I just read a comment from someone that believes if you aren't an advocate of firearms for self-defense purposes, you have no business studying, practicing or promoting Filipino Martial Arts.

Do you personally believe this to be true?


----------



## Carol (Jul 10, 2007)

Personally I haven't seen a firearms focus.  I don't train with mock guns, or practice pistol-whipping, or hear of times when we're encouraged to train with a blue gun in a concealed holster to get the feel for the restrictions of movement.  But, I'm also a relative noobie.


----------



## Andy Moynihan (Jul 10, 2007)

The vibe I get is that to train with weapons of one kind but denounce weapons of another kind is hypocrisy, and this angle I agree with.


----------



## arnisador (Jul 10, 2007)

Andy Moynihan said:


> The vibe I get is that to train with weapons of one kind but denounce weapons of another kind is hypocrisy, and this angle I agree with.



Yeah, that's my thought too.


----------



## Guro Harold (Jul 10, 2007)

Carol Kaur said:


> I just read a comment from someone that believes if you aren't an advocate of firearms for self-defense purposes, you have no business studying, practicing or promoting Filipino Martial Arts.
> 
> Do you personally believe this to be true?

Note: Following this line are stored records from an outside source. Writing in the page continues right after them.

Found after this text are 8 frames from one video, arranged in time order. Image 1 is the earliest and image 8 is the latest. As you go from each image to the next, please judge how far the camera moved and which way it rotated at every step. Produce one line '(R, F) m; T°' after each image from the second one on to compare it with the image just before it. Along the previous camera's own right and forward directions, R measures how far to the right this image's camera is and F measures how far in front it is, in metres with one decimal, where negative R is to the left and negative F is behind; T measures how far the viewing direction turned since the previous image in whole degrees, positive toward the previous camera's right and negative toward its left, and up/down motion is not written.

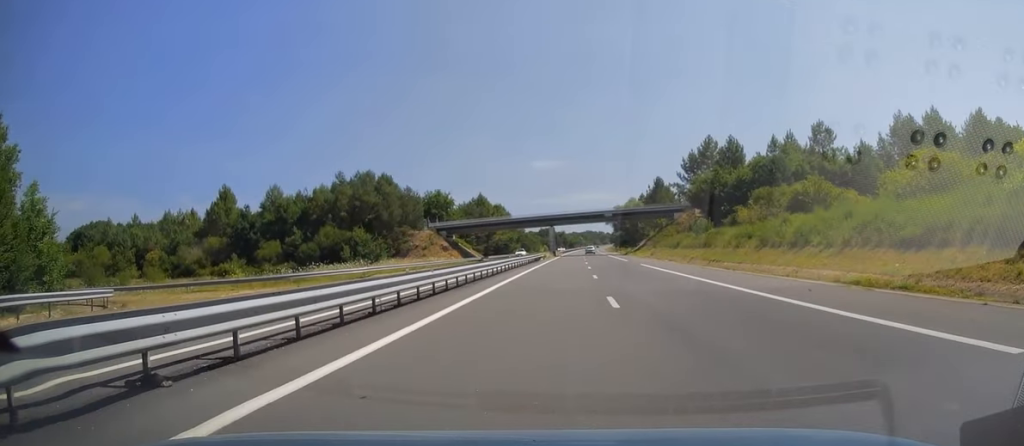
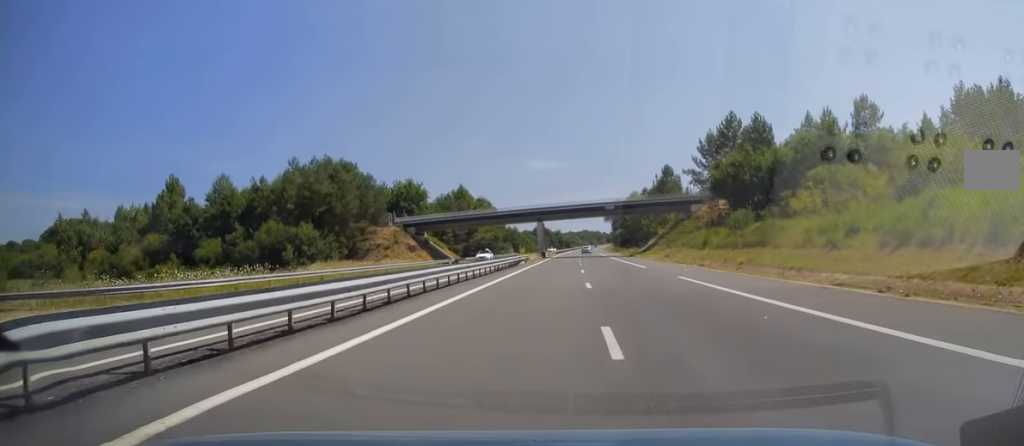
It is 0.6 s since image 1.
(0.0, +19.6) m; 0°
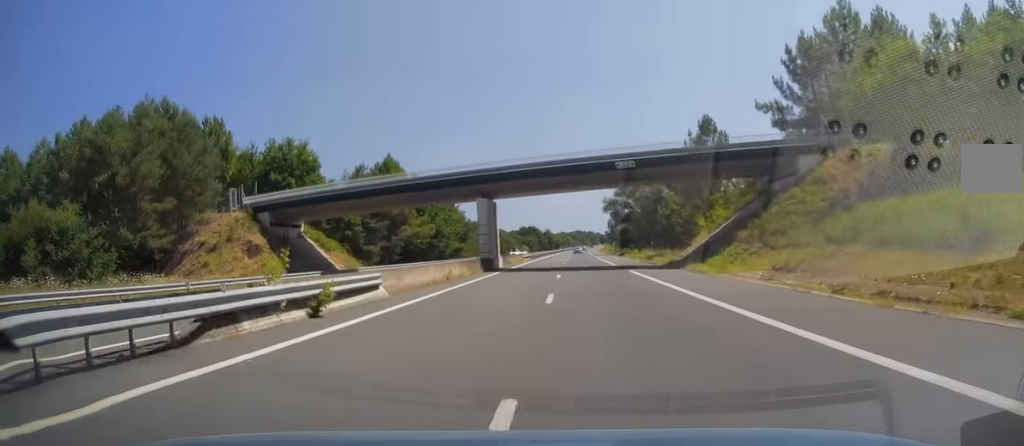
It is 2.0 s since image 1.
(+0.4, +44.4) m; +1°
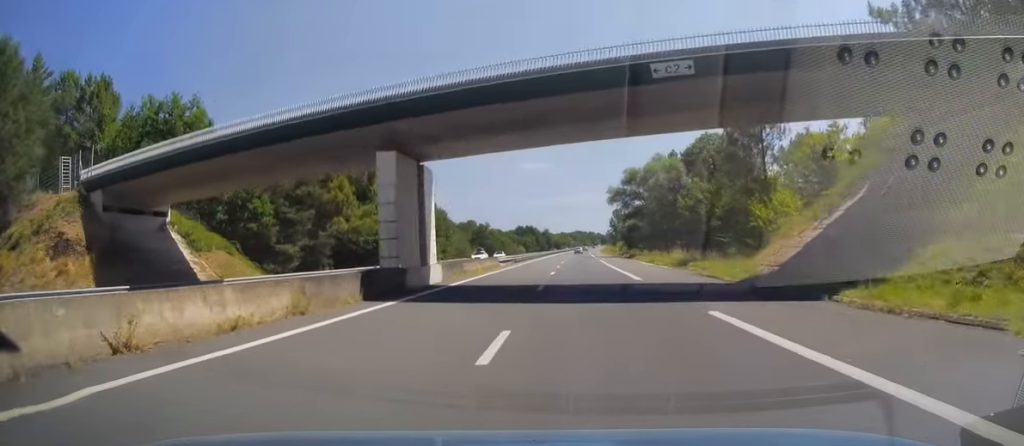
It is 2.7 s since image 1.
(0.0, +21.2) m; 0°
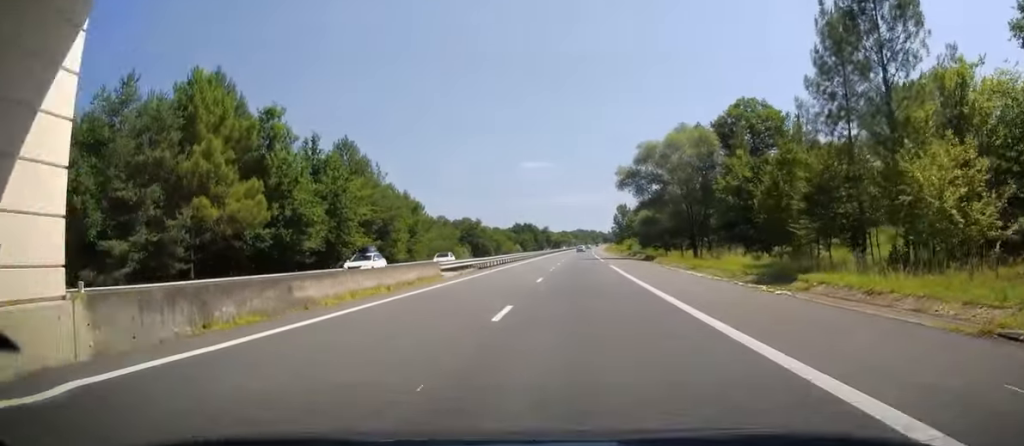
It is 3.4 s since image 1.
(0.0, +21.6) m; 0°
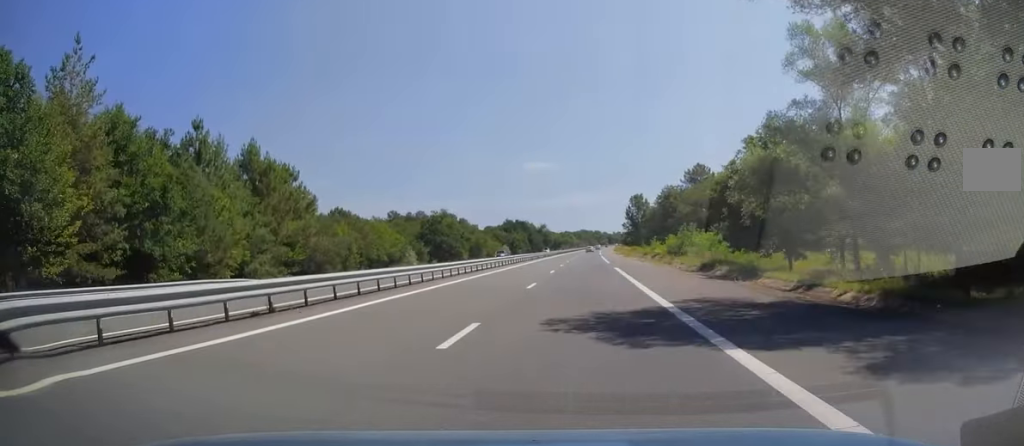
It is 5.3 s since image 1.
(+0.1, +55.2) m; +1°
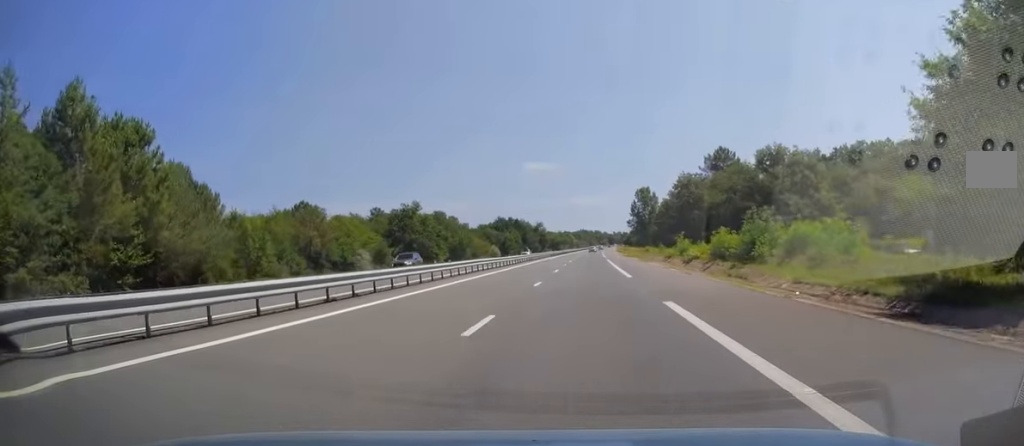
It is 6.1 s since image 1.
(+0.2, +24.8) m; 0°
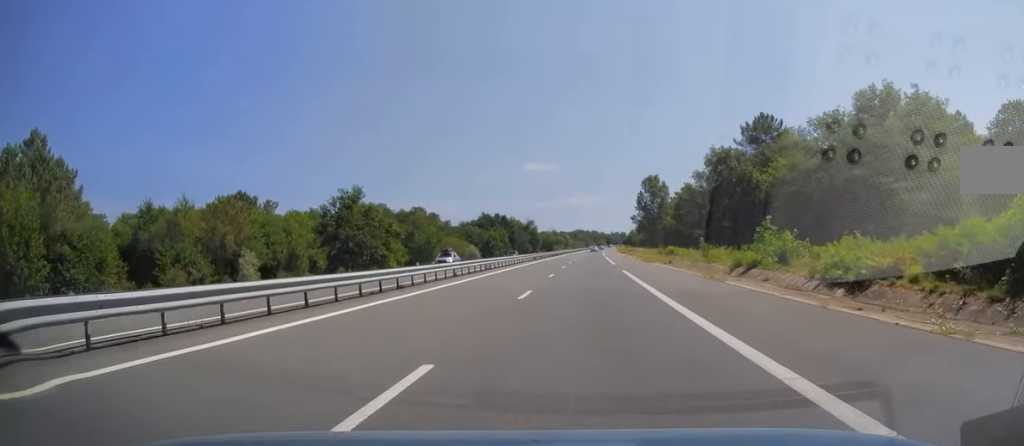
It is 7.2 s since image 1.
(-0.3, +31.6) m; 0°
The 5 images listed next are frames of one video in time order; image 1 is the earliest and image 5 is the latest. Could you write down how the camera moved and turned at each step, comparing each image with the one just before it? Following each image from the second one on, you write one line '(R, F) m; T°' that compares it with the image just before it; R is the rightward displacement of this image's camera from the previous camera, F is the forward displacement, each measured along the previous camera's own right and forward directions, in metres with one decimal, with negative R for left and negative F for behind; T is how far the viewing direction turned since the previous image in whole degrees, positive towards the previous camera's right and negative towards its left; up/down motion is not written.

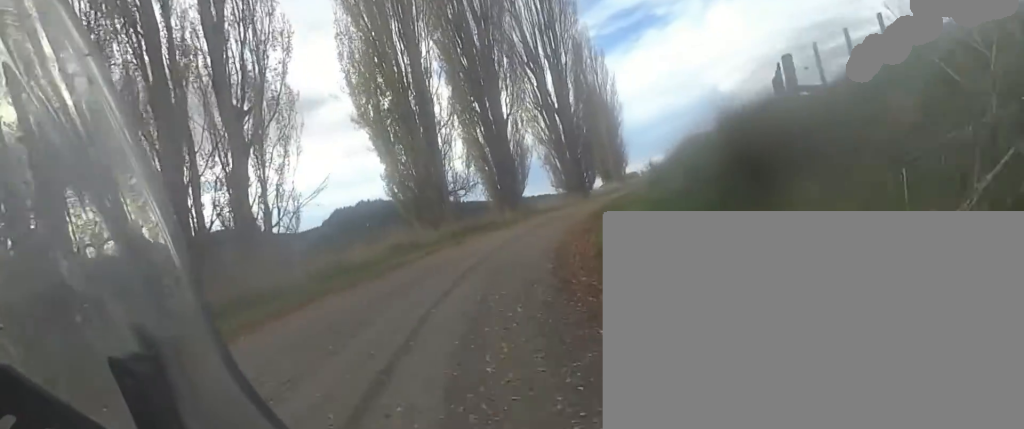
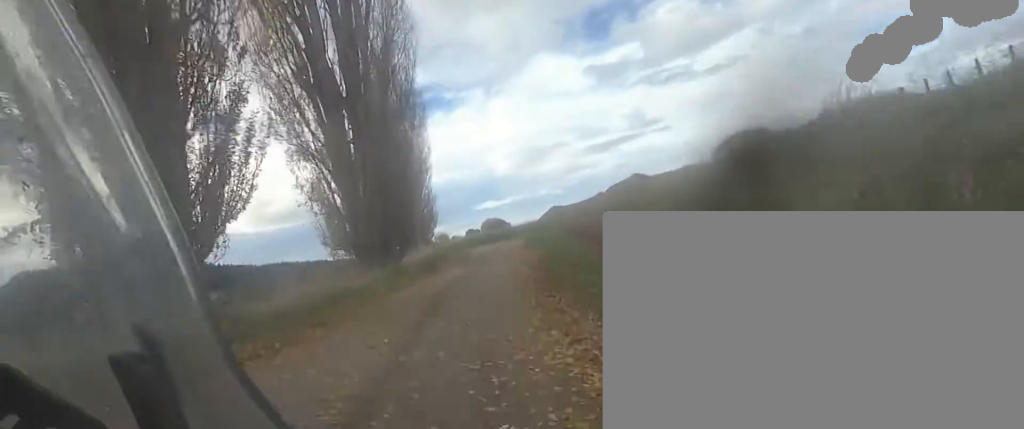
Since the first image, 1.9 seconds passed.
(+5.6, +20.3) m; +29°
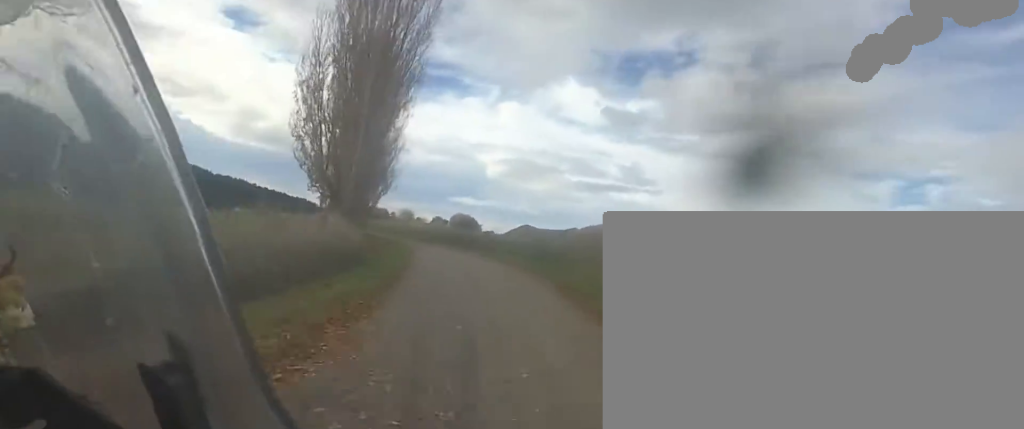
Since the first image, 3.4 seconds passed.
(+1.1, +20.2) m; 0°
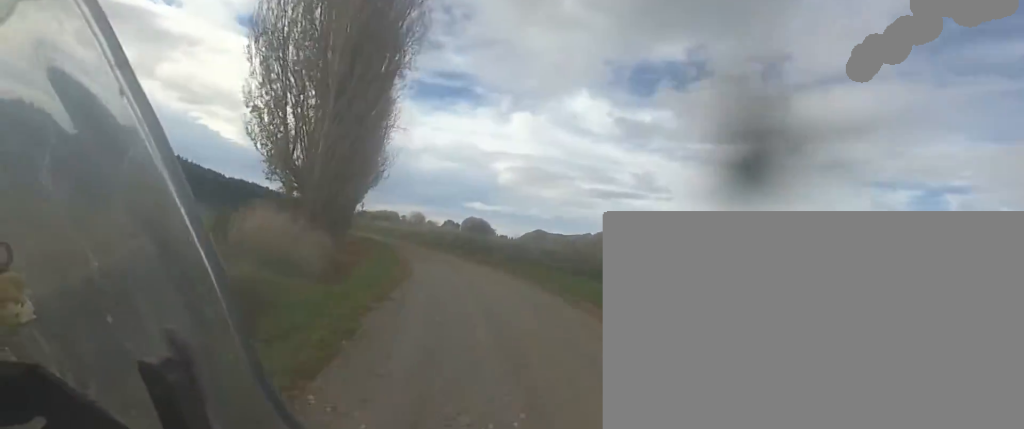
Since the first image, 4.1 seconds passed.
(+0.1, +9.4) m; -5°
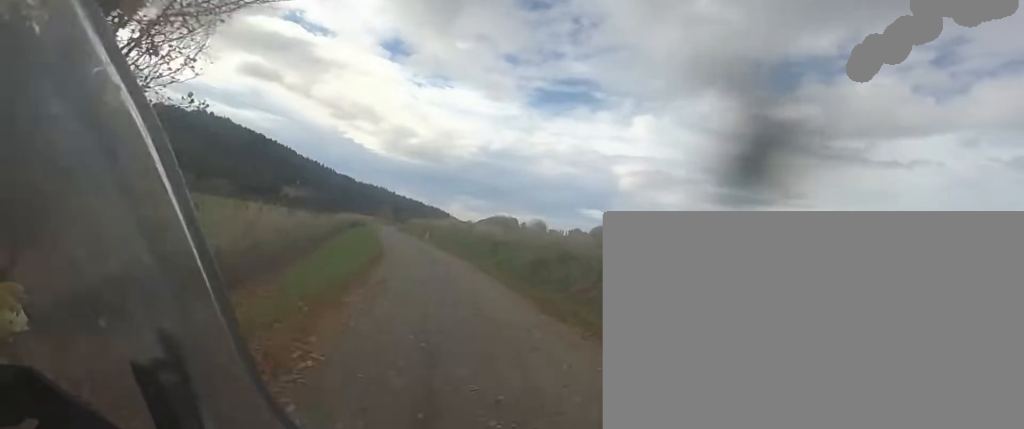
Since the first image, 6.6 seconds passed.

I can understand this point of view to a degree in the field of combatives.


----------



## Bumblebee (Aug 9, 2007)

Andy Moynihan said:


> The vibe I get is that to train with weapons of one kind but denounce weapons of another kind is hypocrisy, and this angle I agree with.


 
After reading "if you aren't an advocate of firearms for self-defense purposes, you have no business studying, practicing or promoting Filipino Martial Arts." I thought, and still think that's a pretty dumb statement.  What if the practitioner just wants to learn it because they think it's fun not necessarily for self-defense or anything like that.  After reading your (Andy Mynihan's) post I sort of understand now.  It's true to learn these weapons, but neglect others, that doesn't make much sense.  However, I still disagree with the original statement, because I believe that you should be able to study, practice, and promote whatever you want.


----------